I was scanning through the photographs i took during the school trip to Tokyo, and here i sat for five whole minutes trying to focus my mind on the exact dates i've been there. It was end feb to early march, i reckon, but was it this year or last?? Neither seem possible, being too long ago and too recent respectively; i could check the dates i put on the album name (i always name albums with the dates and place) although having to do that feels silly and the point i'm making here is about how i always feel that Time moves 'simultaneously too fast or too slow', never 'just nice' or perhaps i am just never in pace, drowning in the great river of life.

Another point would be the fact that i seem to remember things event-based, snippets of time people smells taste etc nicely packaged and compartmentalized in my head. When i reminisce things, like my Tokyo trip, i tend to remember the people, the things that we did together, the feel of the place and mostly split these places according to whether i would visit them again or no. However, i feel nervous when i am unable to pull up the name of a place i like or am unable to describe the train route by which to get there. Then i realise that these factual details are as important to me as my feelings, as without them i am unable to recollect my memories in an organised chronological manner and everything remains a haze or a puddle at my feet. No closure, no finality, but a tangled bunch of beautiful memories that ideally should be weaved into the fabric of my being. Instead, they are 'compartmentalised', never truly absorbed into my essence; perhaps that is why i always feel 'different but the same', and it makes me wonder which is it - feelings/facts, heart/mind - that i cherish more.

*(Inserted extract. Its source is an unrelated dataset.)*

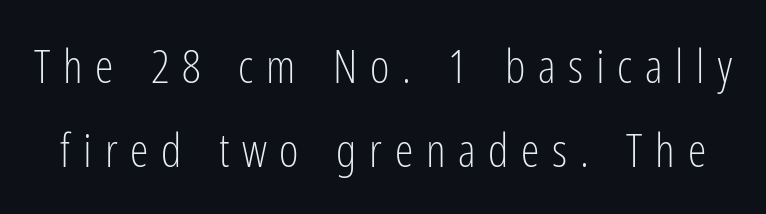
{"serif": "no", "italic": "no", "bold": "no", "weight": "light", "width": "condensed", "stroke_contrast": "low", "x_height": "medium", "monospaced": "no", "underline": "no", "line_spacing_ratio": 1.79, "letter_spacing": "wide", "letter_spacing_em": 0.27, "glyph_px": 47}
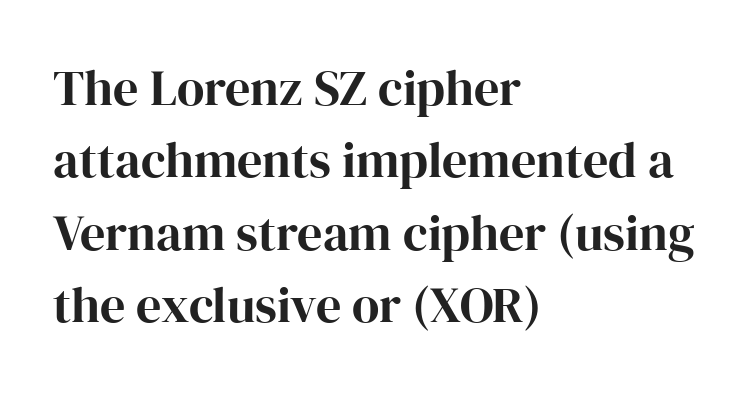
{"serif": "yes", "italic": "no", "bold": "yes", "weight": "bold", "width": "normal", "stroke_contrast": "high", "x_height": "medium", "monospaced": "no", "underline": "no", "align": "left", "line_spacing": "normal", "line_spacing_ratio": 1.45, "letter_spacing": "normal", "letter_spacing_em": 0.0, "glyph_px": 50}

The Mori Art Museum in Tokyo was showcasing Lee Bul's exhibit: From Me, Belongs to You Only
This is a significant memory for me and every time i reminisce Tokyo i will recall Lee Bul. Her art is beautiful and provocative, and i say 'beautiful' only because her sculptures are either intensively grotesque or comically glamorized, and i enjoyed her extreme wit sarcasm and humor. It is funny how she manages to make sculptures out of gems and bedazzling crystals look so fucking gross.

I wrote down these phrases from one of her sculptures, mon grand recit: weep into stones..., and since then they have been somewhat etched into the back of my skull :

WEEP INTO STONES
FABLES LIKE SNOW
OUR FEW EVIL DAYS

I found out that these are excerpted from Chapter V, Hydriotaphia by Sir Thomas Browne, longer excerpt below:
"Darknesse and light divide the course of time, and oblivion shares with memory, a great part even of our living beings; we slightly remember our felicities, and the smartest stroaks of affliction leave but short smart upon us. Sense endureth no extremities, and sorrows destroy us or themselves. To weep into stones are fables. Afflictions induce callosities, miseries are slippery, or fall like snow upon us, which notwithstanding is no unhappy stupidity. To be ignorant of evils to come, and forgetfull of evils past, is a mercifull provision in nature, whereby we digest the mixture of our few and evil dayes, and our delivered senses not relapsing into cutting remembrances, our sorrows are not kept raw by the edge of repetitions.."

I think Sir Thomas Browne was an optimist. I wish it was this way for everyone.